GithubHelp home page GithubHelp logo

Comments (19)

sweetbbak avatar sweetbbak commented on June 19, 2024

Is there any way that I can personally fix this?

from sherpa-onnx.

csukuangfj avatar csukuangfj commented on June 19, 2024

Could you tell us how we can reproduce it?

I have tested it at
https://huggingface.co/spaces/k2-fsa/text-to-speech

Everything is working fine.

from sherpa-onnx.

sweetbbak avatar sweetbbak commented on June 19, 2024

It only happens with the Android APK version. To reproduce, install the Android APK that I linked above, set it as the default text to speech engine and then synthesize speech on the Android device. I'll post a video of it.

from sherpa-onnx.

csukuangfj avatar csukuangfj commented on June 19, 2024

By the way, what is the CPU on your Android phone?

from sherpa-onnx.

sweetbbak avatar sweetbbak commented on June 19, 2024

Pixel 8 Pro Tensor G3 processor

from sherpa-onnx.

csukuangfj avatar csukuangfj commented on June 19, 2024

Does only this model on your phone have such pauses?
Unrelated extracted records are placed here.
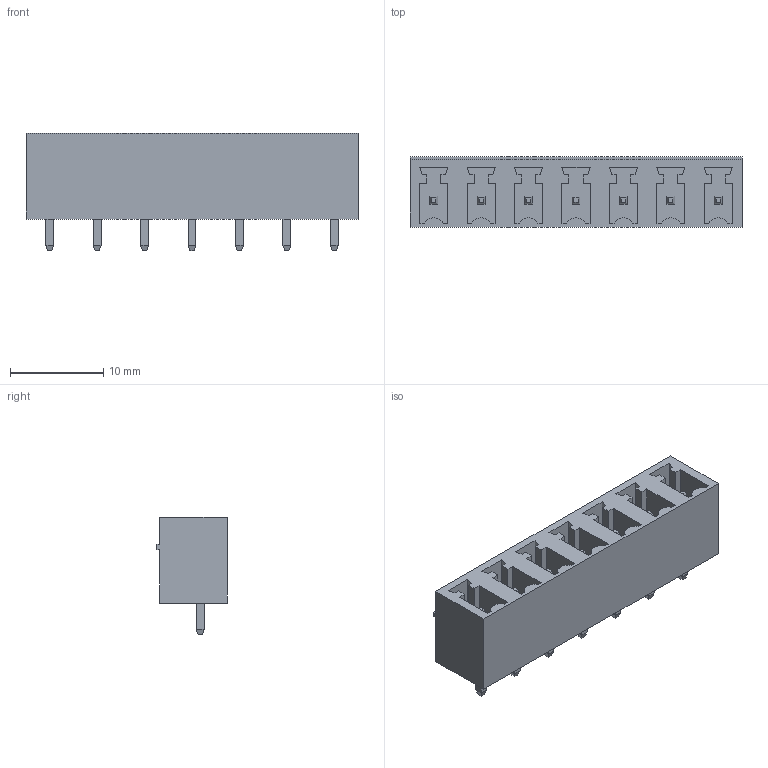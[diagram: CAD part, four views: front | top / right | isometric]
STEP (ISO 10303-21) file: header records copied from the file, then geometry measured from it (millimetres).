
FILE_DESCRIPTION(/* description */ ('model of PhoenixContact_MCV-G_07x5.08mm_Vertical.'),/* implementation_level */ FILE_NAME(/* name */ 'PhoenixContact_MCV-G_07x5.08mm_Vertical..stp',/* time_stamp */ '2017-02-23T21:12:47',/* author */ ('Rene Poeschl',''),/* organization */ (''),/* preprocessor_version */ '',/* originating_system */ '',/* authorisation */ '');
FILE_NAME(/* name */ 'PhoenixContact_MCV-G_07x5.08mm_Vertical..stp',/* time_stamp */ '2017-02-23T21:12:47',/* author */ ('Rene Poeschl',''),/* organization */ (''),/* preprocessor_version */ '',/* originating_system */ '',/* authorisation */ '');
FILE_SCHEMA(('AUTOMOTIVE_DESIGN_CC2 { 1 2 10303 214 -1 1 5 4 }'));
Length unit declared in the file: millimetre
Products named in the file (1): MCV_01x07_G_5_08mm
Bounding box: 35.56 x 7.55 x 12.6 mm (x, y, z)
Volume: 1698.8 mm3; surface area: 2488.3 mm2
Topology: 1 solids, 1 shells, 241 faces, 598 edges, 380 vertices
Faces by surface type: plane 234, cylinder 7
Entity records: 16321 total; most frequent: CARTESIAN_POINT 2570, DIRECTION 2173, LINE 1654, VECTOR 1654, ORIENTED_EDGE 1196, PCURVE 1196, DEFINITIONAL_REPRESENTATION 1196, EDGE_CURVE 598
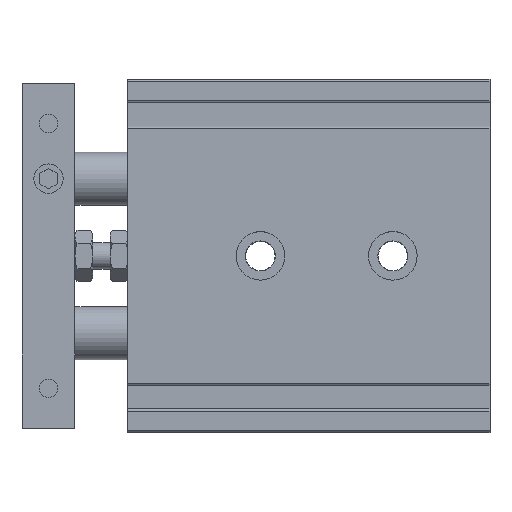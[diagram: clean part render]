
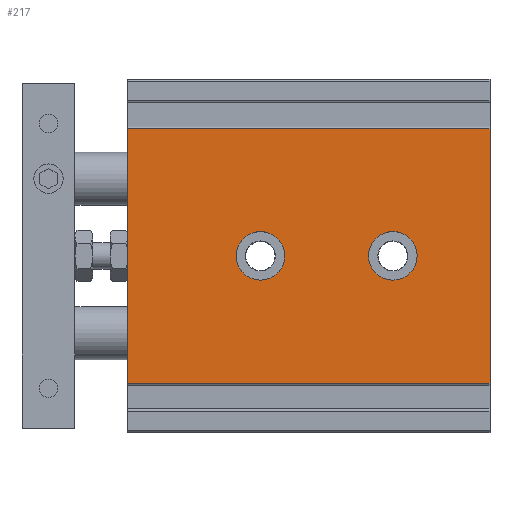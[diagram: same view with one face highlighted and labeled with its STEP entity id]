
A CAD part, top view. The second image highlights one B-rep face of the part: STEP entity #217.
In plain terms, the highlighted planar face has unit normal (0, 0, 1).
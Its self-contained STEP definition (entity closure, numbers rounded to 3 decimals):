
#217 = ADVANCED_FACE( '', ( #443, #444, #445 ), #446, .F. );
#443 = FACE_BOUND( '', #965, .T. );
#444 = FACE_BOUND( '', #966, .T. );
#445 = FACE_OUTER_BOUND( '', #967, .T. );
#446 = PLANE( '', #968 );
#965 = EDGE_LOOP( '', ( #1542 ) );
#966 = EDGE_LOOP( '', ( #1543 ) );
#967 = EDGE_LOOP( '', ( #1544, #1545, #1546, #1547 ) );
#968 = AXIS2_PLACEMENT_3D( '', #1548, #1549, #1550 );
#1542 = ORIENTED_EDGE( '', *, *, #3001, .T. );
#1543 = ORIENTED_EDGE( '', *, *, #3002, .T. );
#1544 = ORIENTED_EDGE( '', *, *, #3003, .T. );
#1545 = ORIENTED_EDGE( '', *, *, #3004, .F. );
#1546 = ORIENTED_EDGE( '', *, *, #3005, .F. );
#1547 = ORIENTED_EDGE( '', *, *, #3006, .T. );
#1548 = CARTESIAN_POINT( '', ( 82., 28.85, 15. ) );
#1549 = DIRECTION( '', ( 0., 0., -1. ) );
#1550 = DIRECTION( '', ( -1., 0., 0. ) );
#3001 = EDGE_CURVE( '', #3466, #3466, #3467, .T. );
#3002 = EDGE_CURVE( '', #3468, #3468, #3469, .T. );
#3003 = EDGE_CURVE( '', #3470, #3471, #3472, .T. );
#3004 = EDGE_CURVE( '', #3473, #3471, #3474, .T. );
#3005 = EDGE_CURVE( '', #3475, #3473, #3476, .T. );
#3006 = EDGE_CURVE( '', #3475, #3470, #3477, .T. );
#3466 = VERTEX_POINT( '', #4315 );
#3467 = CIRCLE( '', #4316, 5.5 );
#3468 = VERTEX_POINT( '', #4317 );
#3469 = CIRCLE( '', #4318, 5.5 );
#3470 = VERTEX_POINT( '', #4319 );
#3471 = VERTEX_POINT( '', #4320 );
#3472 = LINE( '', #4321, #4322 );
#3473 = VERTEX_POINT( '', #4323 );
#3474 = LINE( '', #4324, #4325 );
#3475 = VERTEX_POINT( '', #4326 );
#3476 = LINE( '', #4327, #4328 );
#3477 = LINE( '', #4329, #4330 );
#4315 = CARTESIAN_POINT( '', ( 54.5, 0., 15. ) );
#4316 = AXIS2_PLACEMENT_3D( '', #5346, #5347, #5348 );
#4317 = CARTESIAN_POINT( '', ( 24.5, 0., 15. ) );
#4318 = AXIS2_PLACEMENT_3D( '', #5349, #5350, #5351 );
#4319 = CARTESIAN_POINT( '', ( 0., 28.85, 15. ) );
#4320 = CARTESIAN_POINT( '', ( 0., -28.85, 15. ) );
#4321 = CARTESIAN_POINT( '', ( 0., 28.85, 15. ) );
#4322 = VECTOR( '', #5352, 1000. );
#4323 = CARTESIAN_POINT( '', ( 82., -28.85, 15. ) );
#4324 = CARTESIAN_POINT( '', ( 82., -28.85, 15. ) );
#4325 = VECTOR( '', #5353, 1000. );
#4326 = CARTESIAN_POINT( '', ( 82., 28.85, 15. ) );
#4327 = CARTESIAN_POINT( '', ( 82., 28.85, 15. ) );
#4328 = VECTOR( '', #5354, 1000. );
#4329 = CARTESIAN_POINT( '', ( 82., 28.85, 15. ) );
#4330 = VECTOR( '', #5355, 1000. );
#5346 = CARTESIAN_POINT( '', ( 60., 0., 15. ) );
#5347 = DIRECTION( '', ( 0., 0., -1. ) );
#5348 = DIRECTION( '', ( -1., 0., 0. ) );
#5349 = CARTESIAN_POINT( '', ( 30., 0., 15. ) );
#5350 = DIRECTION( '', ( 0., 0., -1. ) );
#5351 = DIRECTION( '', ( -1., 0., 0. ) );
#5352 = DIRECTION( '', ( 0., -1., 0. ) );
#5353 = DIRECTION( '', ( -1., 0., 0. ) );
#5354 = DIRECTION( '', ( 0., -1., 0. ) );
#5355 = DIRECTION( '', ( -1., 0., 0. ) );

Do other models work well on your phone?

from sherpa-onnx.

sweetbbak avatar sweetbbak commented on June 19, 2024

video of my model:
https://github.com/k2-fsa/sherpa-onnx/assets/75046310/7d35659d-106d-4520-a1ff-c79d058525dd

screen-20240512-180601.2.mp4

from sherpa-onnx.

sweetbbak avatar sweetbbak commented on June 19, 2024

And here it does not with Glados and other models:

screen-20240512-181649.mp4

from sherpa-onnx.

csukuangfj avatar csukuangfj commented on June 19, 2024

sweetbbak-amy en_GB is twice larger in file size than other models.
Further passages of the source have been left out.